In addition to several agricultural wastes, the adsorption behavior of eggshells (ES) were also reported by some researchers [12,20]. Chicken eggs with a global waste generation of 2.8 million tonnes in 2018 as reviewed by Ahmed et al. [21] are utilized as feeds for many important applications such as used as a tool to remove Direct Blue from wastewater [8]; when doped with TiO2, is for the photodegradation of methylene blue from synthetic wastewater [22]; deployed in the synthesis of hydroxyapatite nanoparticle (HAP) by chemical precipitation methods as an adsorbent for cephalexin (Ceph) antibiotic removal from aqueous solutions [23]. Similarly, RH as a cheap agricultural waste were also used as an excipient to prepare Rose Bengal-impregnated rice husk nanoparticles (RB-RH NPs) as photosensitizers to obtain efficient 1O2 generation [24]. Magnetic mesoporous silica (MMS) from RH ash were also reported by Li et al. [25], to remove aflatoxin B1 in an oil system. A recent study used eggshell powder as a carrier to enhance the antimicrobial activities of low-dose AgNPs against foodborne pathogens, and reported to enable 5-log reductions of Escherichia coli and Listeria innocua within 25 min and 60 min of treatments [26]. However, the study was narrowed to investigating the inhibitory effect of the low-dose AgNPs against foodborne pathogens. Eggshells blended with sheep bone were used to establish the minimum bacterial concentration and minimum inhibitory concentrations of nano-hydroxyapatite (NHA/Es) prepared by a sol–gel approach against four Gram-negative bacteria [27]. Sulfate-calcined eggshells were also reported to be effective in the adsorption of pathogenic bacteria and antibiotic-resistance genes in bacteria-contaminated landfill leachates [12].
In related efforts, Bashir and co-workers [28] prepared copper nanoparticles (CuNPs) incorporated into bagasse and rice husk for the removal of E. coli from synthetic water.

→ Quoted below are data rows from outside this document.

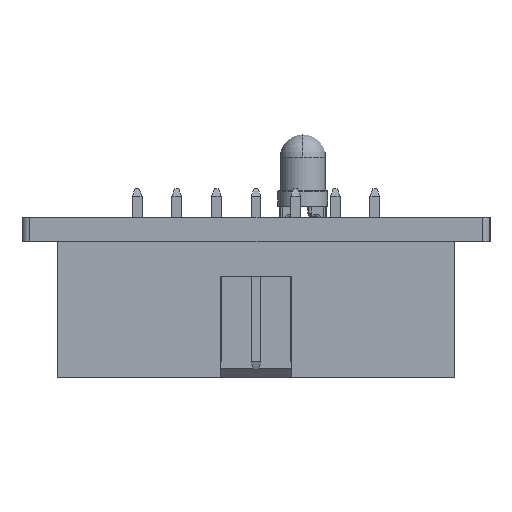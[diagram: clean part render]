
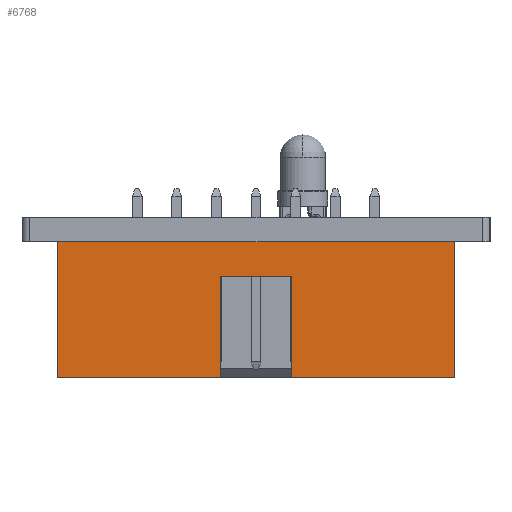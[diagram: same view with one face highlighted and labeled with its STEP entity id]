
A CAD part, left-side view. The second image highlights one B-rep face of the part: STEP entity #6768.
In plain terms, the highlighted face is planar.
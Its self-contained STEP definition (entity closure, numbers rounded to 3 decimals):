
#464=PLANE('',#7343);
#1169=VERTEX_POINT('',#10296);
#1170=VERTEX_POINT('',#10298);
#1265=VERTEX_POINT('',#10496);
#1266=VERTEX_POINT('',#10497);
#1267=VERTEX_POINT('',#10499);
#1268=VERTEX_POINT('',#10501);
#1269=VERTEX_POINT('',#10503);
#1270=VERTEX_POINT('',#10506);
#1669=VECTOR('',#8557,1.);
#1756=VECTOR('',#8668,1.);
#1757=VECTOR('',#8669,1.);
#1758=VECTOR('',#8670,1.);
#1759=VECTOR('',#8671,1.);
#1760=VECTOR('',#8672,1.);
#1761=VECTOR('',#8673,1.);
#1762=VECTOR('',#8674,1.);
#2311=LINE('',#10297,#1669);
#2398=LINE('',#10495,#1756);
#2399=LINE('',#10498,#1757);
#2400=LINE('',#10500,#1758);
#2401=LINE('',#10502,#1759);
#2402=LINE('',#10504,#1760);
#2403=LINE('',#10505,#1761);
#2404=LINE('',#10507,#1762);
#3244=EDGE_CURVE('',#1169,#1170,#2311,.T.);
#3345=EDGE_CURVE('',#1265,#1266,#2398,.T.);
#3346=EDGE_CURVE('',#1265,#1267,#2399,.T.);
#3347=EDGE_CURVE('',#1267,#1268,#2400,.T.);
#3348=EDGE_CURVE('',#1269,#1268,#2401,.T.);
#3349=EDGE_CURVE('',#1170,#1269,#2402,.T.);
#3350=EDGE_CURVE('',#1270,#1169,#2403,.T.);
#3351=EDGE_CURVE('',#1266,#1270,#2404,.T.);
#4825=ORIENTED_EDGE('',*,*,#3345,.F.);
#4826=ORIENTED_EDGE('',*,*,#3346,.T.);
#4827=ORIENTED_EDGE('',*,*,#3347,.T.);
#4828=ORIENTED_EDGE('',*,*,#3348,.F.);
#4829=ORIENTED_EDGE('',*,*,#3349,.F.);
#4830=ORIENTED_EDGE('',*,*,#3244,.F.);
#4831=ORIENTED_EDGE('',*,*,#3350,.F.);
#4832=ORIENTED_EDGE('',*,*,#3351,.F.);
#5905=EDGE_LOOP('',(#4825,#4826,#4827,#4828,#4829,#4830,#4831,#4832));
#6384=FACE_BOUND('',#5905,.T.);
#6768=ADVANCED_FACE('',(#6384),#464,.F.);
#7343=AXIS2_PLACEMENT_3D('',#10494,#8667,$);
#8557=DIRECTION('',(-1.,0.,0.));
#8667=DIRECTION('',(0.,1.,0.));
#8668=DIRECTION('',(0.,0.,1.));
#8669=DIRECTION('',(-1.,0.,0.));
#8670=DIRECTION('',(0.,0.,1.));
#8671=DIRECTION('',(1.,0.,0.));
#8672=DIRECTION('',(0.,0.,1.));
#8673=DIRECTION('',(0.,0.,-1.));
#8674=DIRECTION('',(1.,0.,0.));
#10296=CARTESIAN_POINT('',(12.72,-4.425,-4.425));
#10297=CARTESIAN_POINT('',(12.72,-4.425,-4.425));
#10298=CARTESIAN_POINT('',(-12.72,-4.425,-4.425));
#10494=CARTESIAN_POINT('',(0.,-4.425,0.));
#10495=CARTESIAN_POINT('',(2.25,-4.425,-2.075));
#10496=CARTESIAN_POINT('',(2.25,-4.425,-2.075));
#10497=CARTESIAN_POINT('',(2.25,-4.425,4.425));
#10498=CARTESIAN_POINT('',(2.25,-4.425,-2.075));
#10499=CARTESIAN_POINT('',(-2.25,-4.425,-2.075));
#10500=CARTESIAN_POINT('',(-2.25,-4.425,-2.075));
#10501=CARTESIAN_POINT('',(-2.25,-4.425,4.425));
#10502=CARTESIAN_POINT('',(-12.72,-4.425,4.425));
#10503=CARTESIAN_POINT('',(-12.72,-4.425,4.425));
#10504=CARTESIAN_POINT('',(-12.72,-4.425,-4.425));
#10505=CARTESIAN_POINT('',(12.72,-4.425,4.425));
#10506=CARTESIAN_POINT('',(12.72,-4.425,4.425));
#10507=CARTESIAN_POINT('',(2.25,-4.425,4.425));

Though the material as reported by the authors leads to 100% removal efficiency at a contact time of 100–120 min, the study was however limited to the efficacy on the quality of treated water in line with the existing environmental standard. Similarly, SiO2 NPs with a particle size of 60–80 nm were produced by sol–gel method and examined for their photocatalysts and antimicrobial activities. The number of coliform bacteria estimated in the untreated and treated SiO2 NPs was reported at 170 CFU/100 mL and 10 CFU/100 mL, respectively, with bacterial growth inhibition of 94.12% [29]. Furthermore, carbon/silica composites derived from rice husk waste (C/SiO2) composite doped with varying amounts of silver were reported by Unglaube et al. [30] as effective antimicrobial agents. These studies as reported by the various authors [29,30] were narrowed to the discussion of the antimicrobial efficacy of the materials, the adsorption processes, and the NPs-bacteria interaction mechanism were not fully elaborated. A novel core−shell nanomaterial, ZnO@SiO2, based on rice husk was reported to remove about 91% of E. coli [31]. In the same vain, as observed in the study, the adsorption isotherms were only discussed relative to the drug amoxicillin.
As discussed above, the RH and ES as feeds material for the synthesis of silica and calcium carbonate allow for an inexpensive production cost and support the circular efforts to improve the economy through efficient waste management strategies [32]. A previous study involving the use of silica calcium carbonate (SiO2/CaCO3) nanocomposite derived from semi-burned rice straw ash was carried out to improve the oil absorption capacity of a modified papermaking filler [33]. Similarly, a biopolymer matrix derived from crustaceans and rice husk-based silica was reported to efficiently increase the adsorption practical aspect of the materials for the removal of impurities from crude biodiesel [32]. Similar composites consisting of biopolymer-based SiO2/CaCO3 were also reported to remove phenol from water [34]. Thus, this present study utilized these aforementioned characteristics to prepare chitosan (CS)-based SiO2/CaCO3 derived from waste eggshells (ESCaCO3), and rice husk (RHSiO2) to investigate their adsorption processes and mechanism of interaction against E. coli using various models, and Fourier transform infrared (FTIR) spectroscopy. The ability of E. coli to induce infection even at a very low dose, relative to its antibacterial resistance, in addition to its relative simplicity, inexpensiveness, and fast high-density cultivation [35], informed the choice of using E. coli against other bacteria strains for this study.

2. Materials and Methods

2.1. Chemicals and Reagents

The waste eggshells (ES) and rice husks (RH) used for the study were obtained from local fast-food restaurants in Mubi, Adamawa state Nigeria. The E. coli culture (ATCC-25922) was obtained from the Department of Microbiology, Adamawa State University Mubi. Low-molecular-weight chitosan (CS; 75%–85% degree of deacetylation) was purchased from Sigma-Aldrich (St Louis, MO, USA). All other reagents, chemicals, and solvents were purchased from BDH Chemical Ltd. (Poole, UK).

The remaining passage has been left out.